Sara: I HAVE THE BEST BAADONKADONKS, NO ONE COMPARES.

Big Papa: Exactly

Big Papa: Now there's one more thing I wanted to explain.

Marley: What's dat brethren?

Big Papa: Big Papa wants to be Mayor of Toronto.

Sara: Papa, your known for drug deals and robbing fast food places. How the HOES RIDING PANDAS are you going to get elected?

Big Papa: After we take over the gangs, we use their influence to spread Big Papa's word. Then I cut a deal with Mr.W, and Boronto is ours. I will use my power as Mayor to do whatever Big Papa wants, and Big Papa wants everything.

Marley: Damm dats smart and ting.

Big Papa: So, let's start with the Wolves around the middle part. The Wolves have been trading with the dragons around this Bim Borton's. We need to hit this place first.

Sara: How are we going to cut a deal with the them?

Big Papa: That's where you come in. These mobsters are ruthless, but they have one weakness.

Sara: SMALL WILLIES?

Everyone laughs and stares at Sara.

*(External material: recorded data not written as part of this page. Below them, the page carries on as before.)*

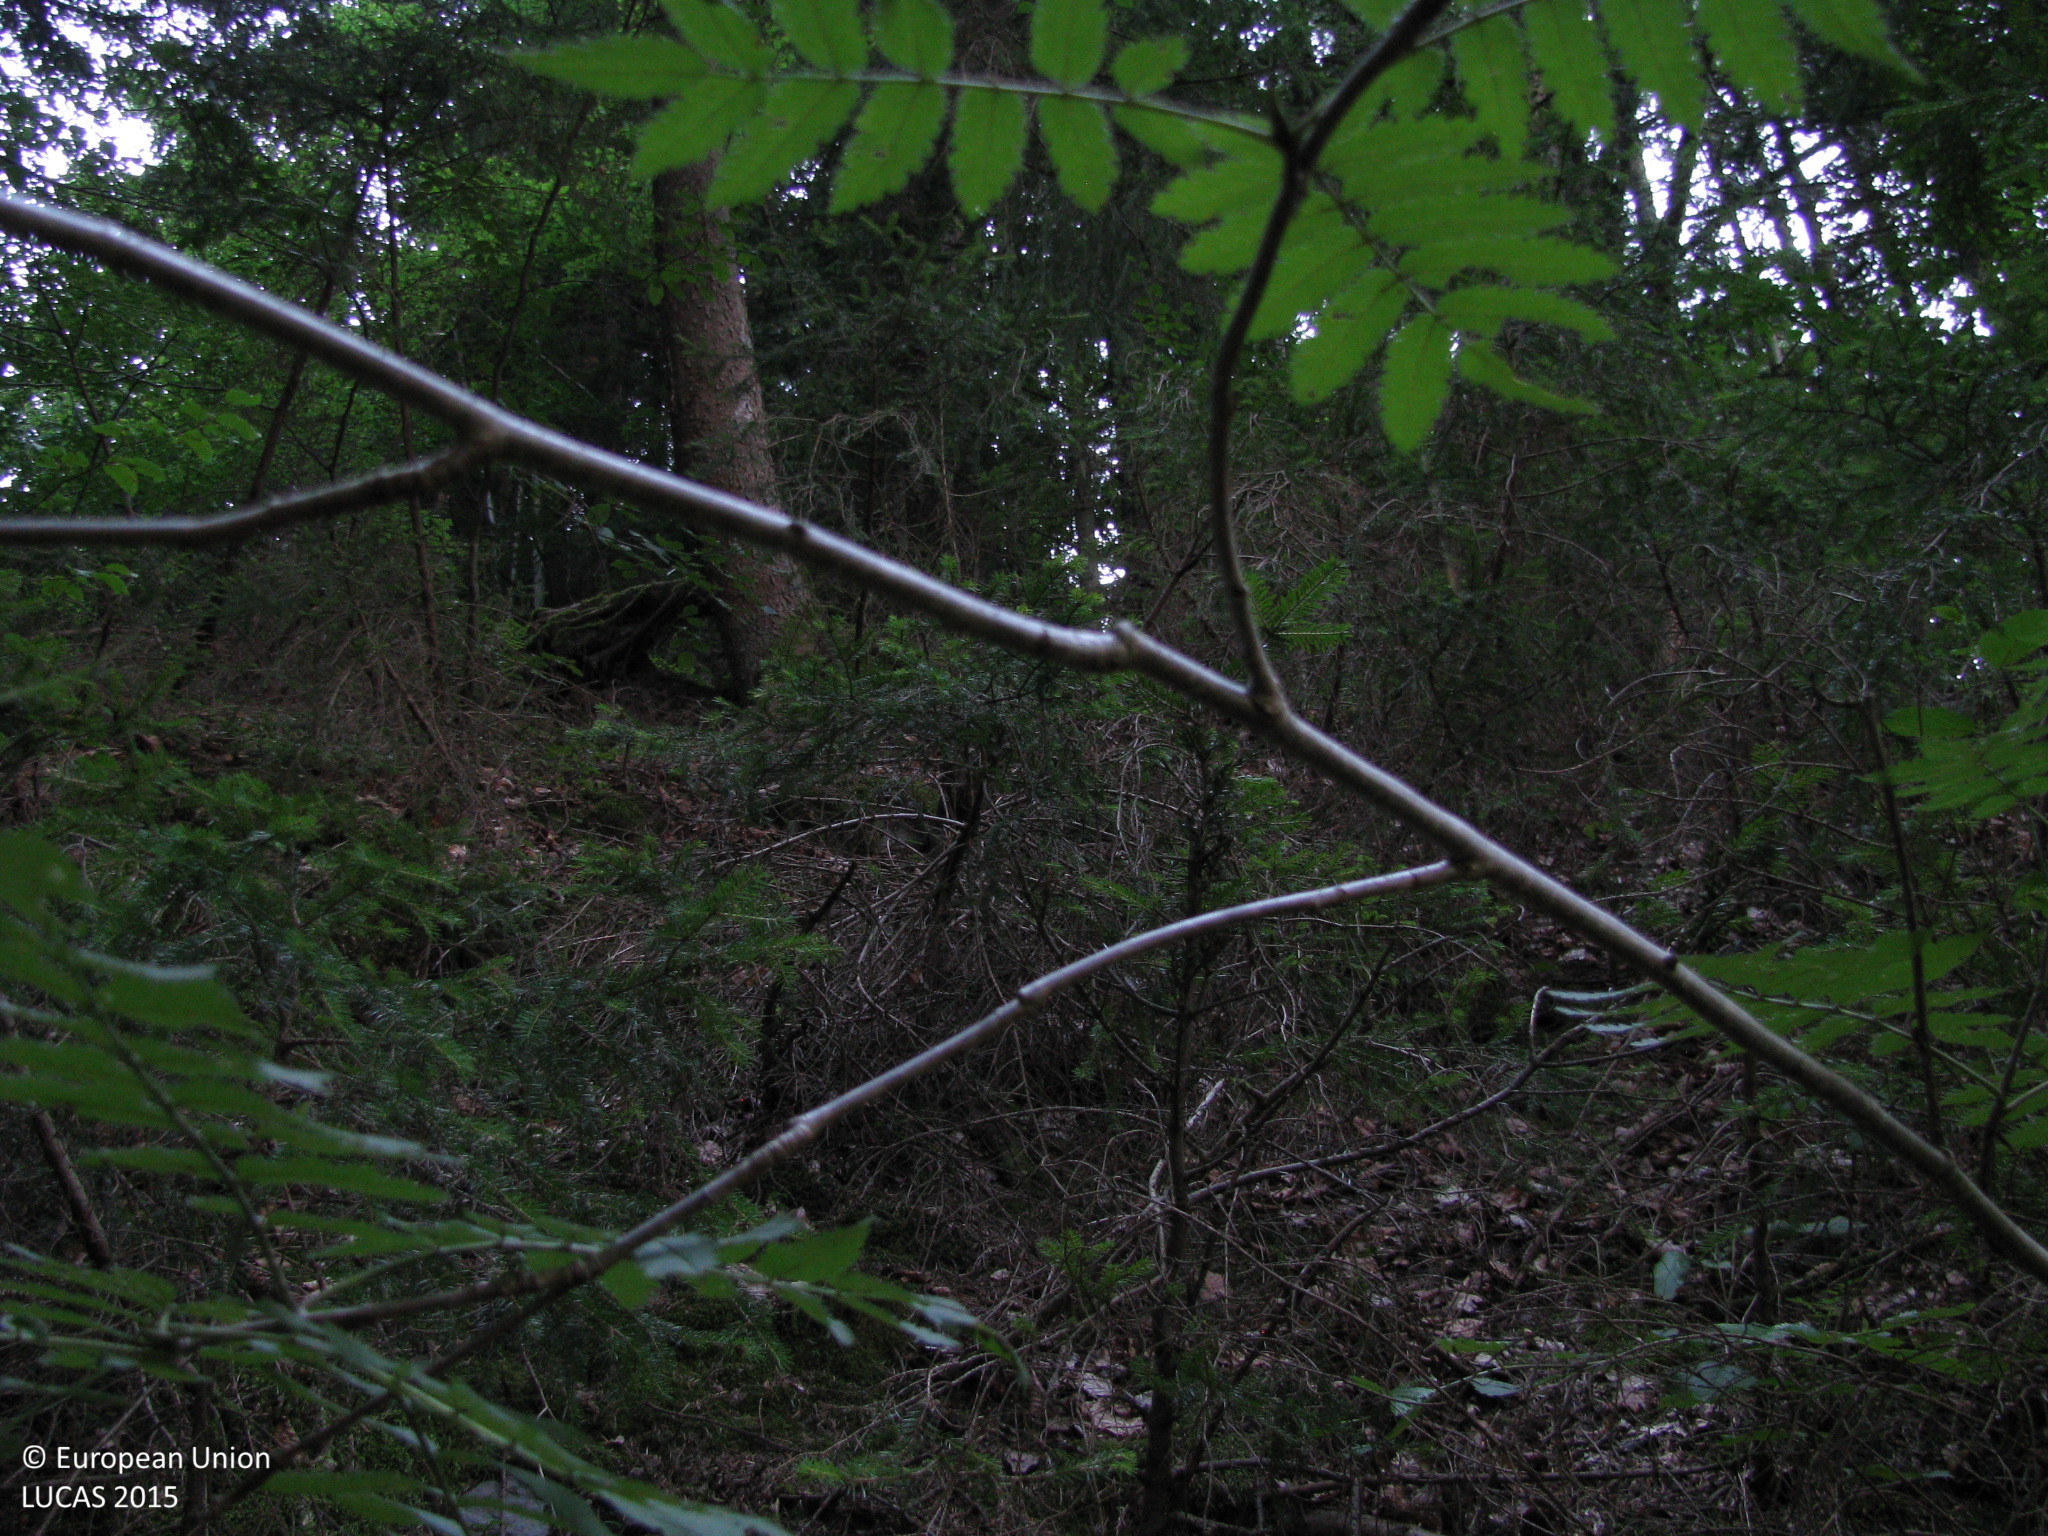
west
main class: Woodland
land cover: Other coniferous woodland
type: alpine coniferous forest
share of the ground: > 75 %
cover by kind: coniferous forest trees 75 %, broadleaved forest trees 15 %, herbaceous plants 10 %
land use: Forestry
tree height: > 5 m
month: July
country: AT
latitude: 46.6741
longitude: 12.8340
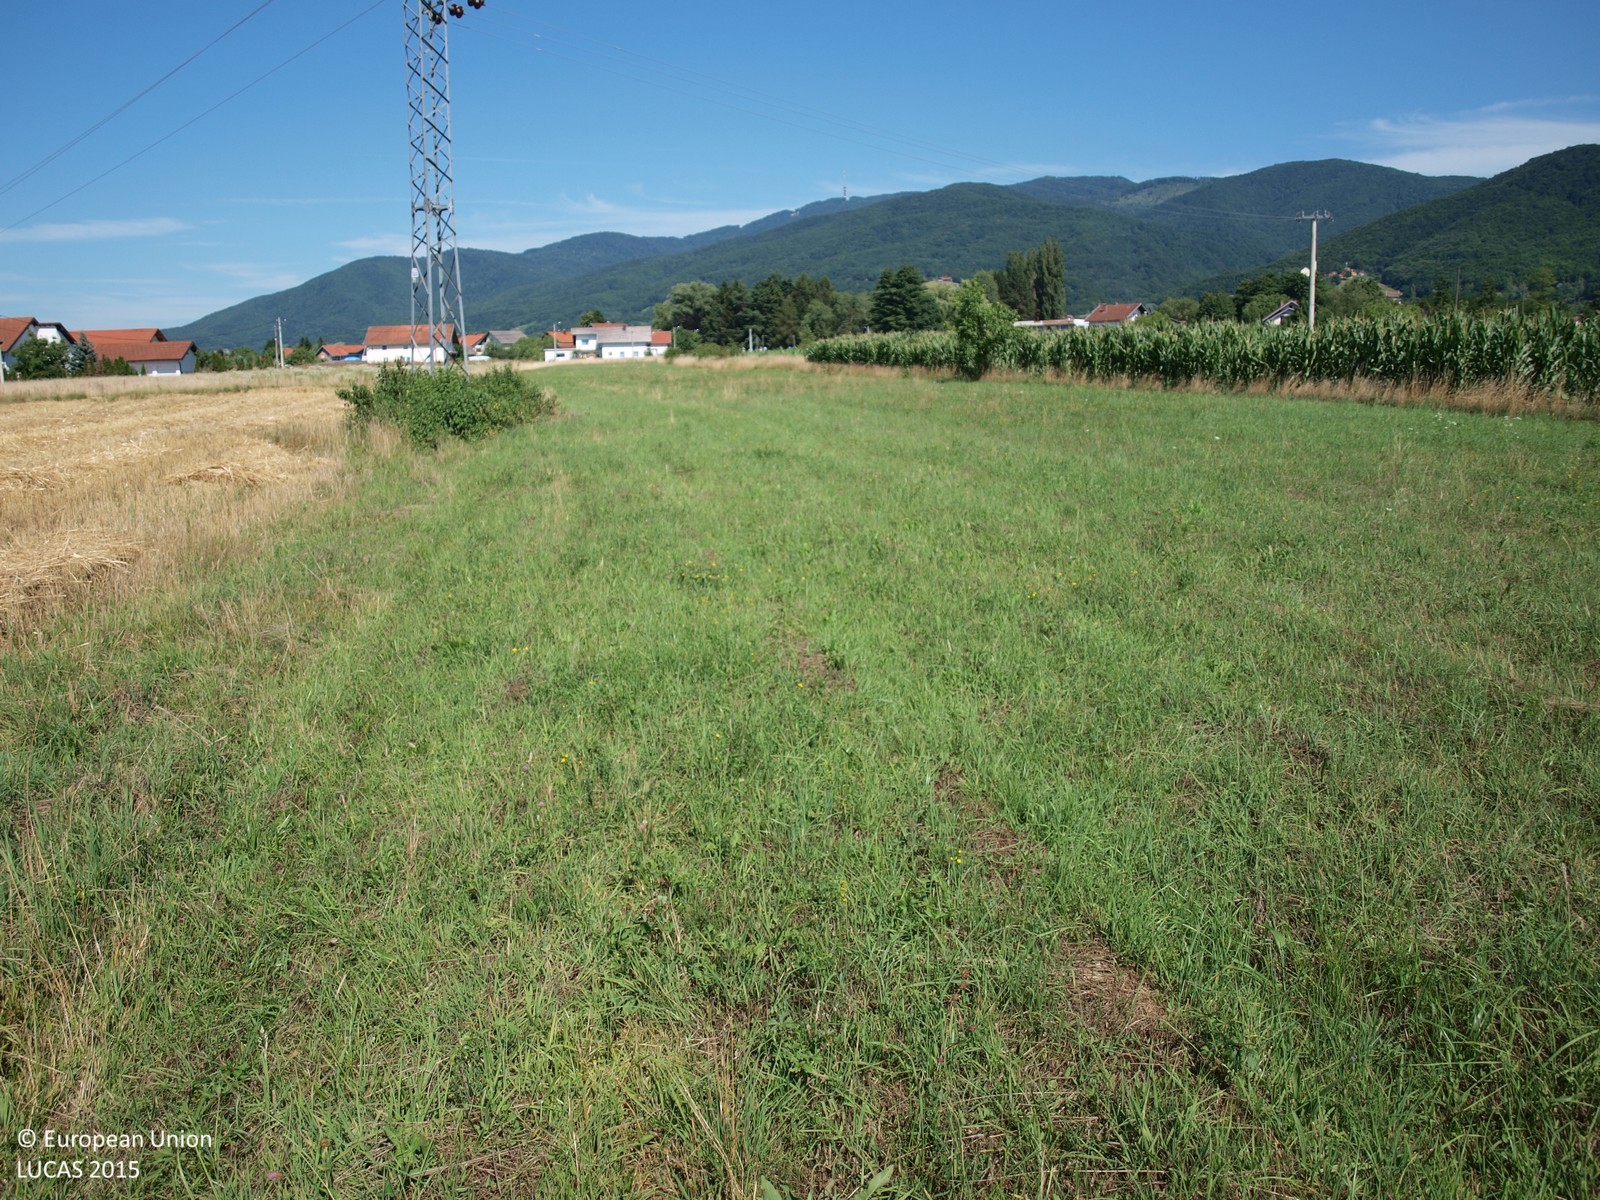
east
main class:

Then Amaran asks a question.

Amaran: What is dat and ting?

Marley fist bumps Amaran

Marley: Your learning brethren. Soon your English is going to be first lass.

Big Papa: LET ME FINISH MY GOD DAMM SENTENCE. FOCUS NIGGAS.

Marley: Okay, calm down and ting. Were making ight of the situation.

Marley: Cheer up, brethren, take a toke. *Passes the joint to Big Papa. Big Papa takes a hit.*

Big Papa: So the weakness of the Wolves is that they are religious. Mr. V told me one of the bosses goes to church every Sunday. Were going to get Christian robes and take the man hostage.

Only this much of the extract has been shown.